MIMA (Middlesbrough Institute of Modern Art), Teeside University

Dispossession (2013)

© Kader Attia



Moving Image


Slide projector, Video installation


13 (slides) minutes


Presented by the Contemporary Art Society through the Collections Fund at Frieze, 2016/17

Ownership history:

Purchased from the Lehmann Maupin by the Contemporary Art Society through its Collections Fund at Frieze, 13 October 2016; presented to MIMA, Middlesbrough Institute of Modern Art, 2016/17
Kader Attia’s practice explores the legacy of colonialism on Western and Non-Western cultures. During his childhood, the artist spent time with relatives in Algiers as well as in the Paris suburbs. Growing up between two countries – a former colonising power and a colony – was key in shaping his identity.

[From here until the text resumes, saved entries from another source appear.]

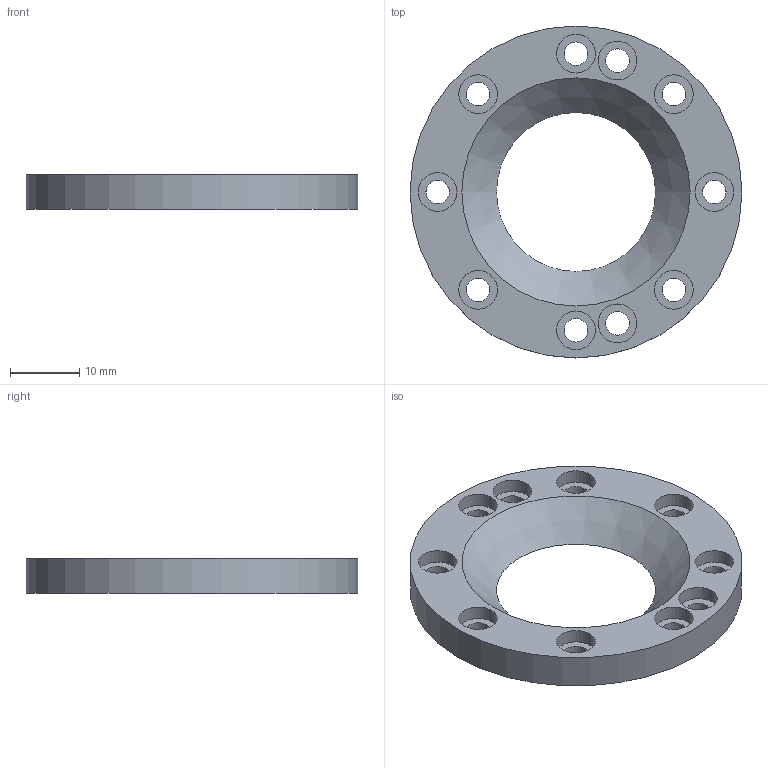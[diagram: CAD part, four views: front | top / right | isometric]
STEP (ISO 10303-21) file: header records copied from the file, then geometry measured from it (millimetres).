
FILE_DESCRIPTION(('FreeCAD Model'),'2;1');
FILE_NAME('Open CASCADE Shape Model','2024-06-04T17:15:18',(''),(''), 'Open CASCADE STEP processor 7.8','FreeCAD','Unknown');
FILE_SCHEMA(('AUTOMOTIVE_DESIGN { 1 0 10303 214 1 1 1 1 }'));
Length unit declared in the file: millimetre
Products named in the file (1): AligningRing (Solid)
Bounding box: 48 x 48 x 5 mm (x, y, z)
Volume: 5171.3 mm3; surface area: 4215 mm2
Topology: 1 solids, 1 shells, 34 faces, 66 edges, 44 vertices
Faces by surface type: cylinder 21, plane 12, cone 1
Full cylindrical faces by diameter (mm): 3.4 x10, 5.6 x10, 48 x1
Entity records: 960 total; most frequent: DIRECTION 180, CARTESIAN_POINT 145, ORIENTED_EDGE 132, AXIS2_PLACEMENT_3D 79, FACE_BOUND 66, EDGE_LOOP 66, EDGE_CURVE 66, VERTEX_POINT 44
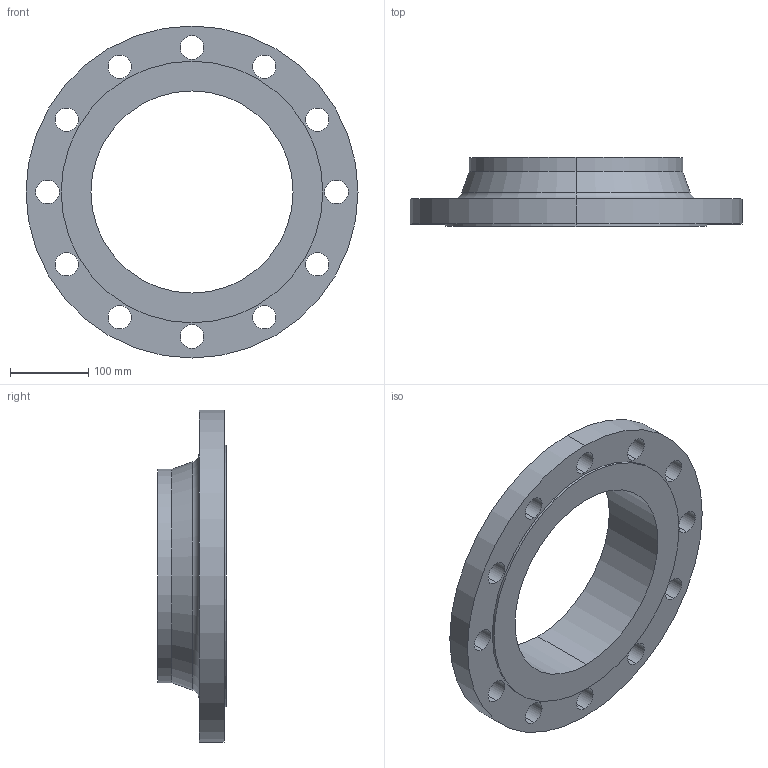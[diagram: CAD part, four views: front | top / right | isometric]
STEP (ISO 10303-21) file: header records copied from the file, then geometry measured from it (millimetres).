
FILE_DESCRIPTION (( 'STEP AP203' ), '1' );
FILE_NAME ('3D_R183_PN25_DN273_17639830.STEP', '2024-07-02T13:33:29', ( '' ), ( '' ), 'SwSTEP 2.0', 'SolidWorks 2024', '' );
FILE_SCHEMA (( 'CONFIG_CONTROL_DESIGN' ));
Length unit declared in the file: millimetre
Products named in the file (1): 3D_R183_PN25_DN273_17639830
Bounding box: 425 x 88 x 425 mm (x, y, z)
Volume: 3211478 mm3; surface area: 350727.5 mm2
Topology: 1 solids, 1 shells, 40 faces, 104 edges, 68 vertices
Faces by surface type: cylinder 32, plane 4, torus 2, cone 2
Entity records: 1395 total; most frequent: DIRECTION 256, CARTESIAN_POINT 213, ORIENTED_EDGE 208, AXIS2_PLACEMENT_3D 111, EDGE_CURVE 104, CIRCLE 70, VERTEX_POINT 68, EDGE_LOOP 68
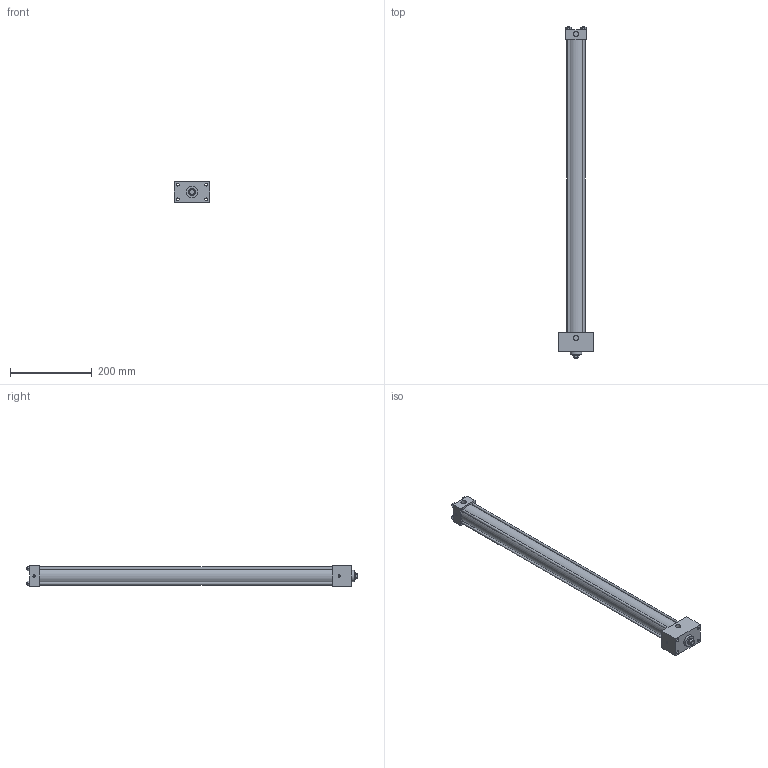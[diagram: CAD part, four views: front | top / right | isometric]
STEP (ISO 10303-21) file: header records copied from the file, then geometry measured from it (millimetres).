
FILE_DESCRIPTION((' Parasolid data model '),'2;1');
FILE_NAME('GSSL','1999-12-15T14:50:56+00:00',(' GSSL '),(' GSSL Pune '),'','GSSL Pune','Author');
FILE_SCHEMA(('CONFIG_CONTROL_DESIGN'));
Length unit declared in the file: millimetre
Bounding box: 85.72 x 812.01 x 50.8 mm (x, y, z)
Surface area: 187797.8 mm2 (no closed solid volume)
Topology: 0 solids, 5 shells, 88 faces, 220 edges, 156 vertices
Faces by surface type: plane 60, cylinder 28
Full cylindrical faces by diameter (mm): 5.556 x6, 5.715 x8, 7.137 x4, 11.113 x1, 12.7 x2, 15.875 x1, 28.575 x1, 44.45 x1
Entity records: 2537 total; most frequent: CARTESIAN_POINT 424, DIRECTION 408, ORIENTED_EDGE 336, EDGE_CURVE 192, VERTEX_POINT 152, EDGE_LOOP 150, AXIS2_PLACEMENT_3D 136, LINE 136
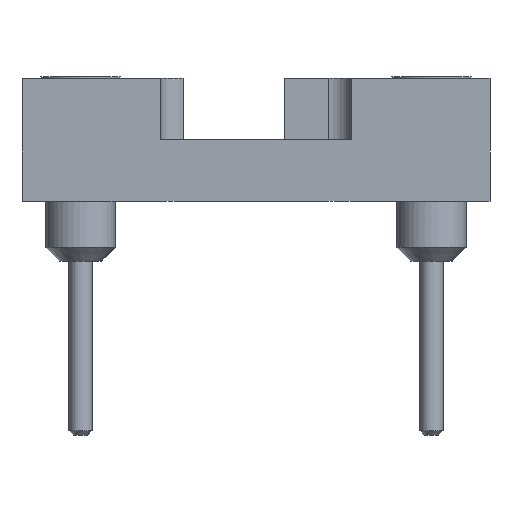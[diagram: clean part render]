
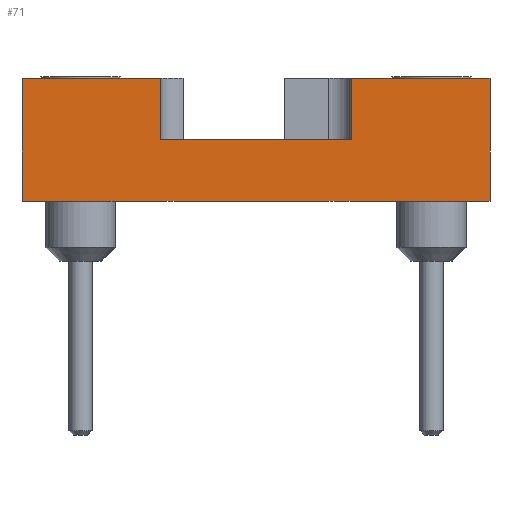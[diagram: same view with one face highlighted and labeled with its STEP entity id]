
A CAD part, front view. The second image highlights one B-rep face of the part: STEP entity #71.
In plain terms, the highlighted planar face has unit normal (0, -1, 0).
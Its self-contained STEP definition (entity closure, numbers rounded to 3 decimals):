
#13=DIRECTION('',(0.,0.,1.));
#27=VECTOR('',#13,1.);
#30=VERTEX_POINT('',#31);
#31=CARTESIAN_POINT('',(-1.27,-24.13,3.967));
#36=EDGE_CURVE('',#37,#30,#39,.T.);
#37=VERTEX_POINT('',#38);
#38=CARTESIAN_POINT('',(-1.27,-24.13,1.3));
#39=LINE('',#38,#27);
#45=DIRECTION('',(1.,0.,0.));
#62=VECTOR('',#63,1.);
#63=DIRECTION('',(0.,0.,-1.));
#71=ADVANCED_FACE('',(#72),#110,.F.);
#72=FACE_BOUND('',#73,.F.);
#73=EDGE_LOOP('',(#74,#80,#81,#86,#91,#98,#103,#107));
#74=ORIENTED_EDGE('',*,*,#75,.F.);
#75=EDGE_CURVE('',#37,#76,#78,.T.);
#76=VERTEX_POINT('',#77);
#77=CARTESIAN_POINT('',(8.89,-24.13,1.3));
#78=LINE('',#38,#79);
#79=VECTOR('',#45,1.);
#80=ORIENTED_EDGE('',*,*,#36,.T.);
#81=ORIENTED_EDGE('',*,*,#82,.T.);
#82=EDGE_CURVE('',#30,#83,#85,.T.);
#83=VERTEX_POINT('',#84);
#84=CARTESIAN_POINT('',(1.73,-24.13,3.967));
#85=LINE('',#31,#79);
#86=ORIENTED_EDGE('',*,*,#87,.T.);
#87=EDGE_CURVE('',#83,#88,#90,.T.);
#88=VERTEX_POINT('',#89);
#89=CARTESIAN_POINT('',(1.73,-24.13,2.634));
#90=LINE('',#84,#62);
#91=ORIENTED_EDGE('',*,*,#92,.F.);
#92=EDGE_CURVE('',#93,#88,#95,.T.);
#93=VERTEX_POINT('',#94);
#94=CARTESIAN_POINT('',(5.89,-24.13,2.634));
#95=LINE('',#94,#96);
#96=VECTOR('',#97,1.);
#97=DIRECTION('',(-1.,0.,0.));
#98=ORIENTED_EDGE('',*,*,#99,.F.);
#99=EDGE_CURVE('',#100,#93,#102,.T.);
#100=VERTEX_POINT('',#101);
#101=CARTESIAN_POINT('',(5.89,-24.13,3.967));
#102=LINE('',#101,#62);
#103=ORIENTED_EDGE('',*,*,#104,.T.);
#104=EDGE_CURVE('',#100,#105,#85,.T.);
#105=VERTEX_POINT('',#106);
#106=CARTESIAN_POINT('',(8.89,-24.13,3.967));
#107=ORIENTED_EDGE('',*,*,#108,.F.);
#108=EDGE_CURVE('',#76,#105,#109,.T.);
#109=LINE('',#77,#27);
#110=PLANE('',#111);
#111=AXIS2_PLACEMENT_3D('',#38,#112,#45);
#112=DIRECTION('',(0.,1.,0.));

Inspired by the anarchist philosopher Pierre-Joseph Proudhon (1809-1865) and the anti-colonial thinking of Frantz Fanon (1925-1961), Attia is concerned with strategies of ‘re-appropriation’ through which Non-Western cultures can be reclaimed from colonisation. By first acknowledging the ‘dispossession’ that occurs when the influence of the Non-Western world on Western society is disregarded, Attia believes that ‘repair’ can then be achieved through cultural exchange.

Dispossession (2013) is an installation that examines the role of Christian missionaries in the colonisation of African cultures. The Vatican has a collection of over 80,000 rarely shown African artefacts, brought back to Europe by missionaries during the colonial era. These objects are presented as slides alongside a video series of four interviews conducted between Attia, an anthropologist, an art historian, a priest and a lawyer. The subject of repatriation is central to the installation as it considers the political and psychoanalytical questions that arise from the collecting of these objects.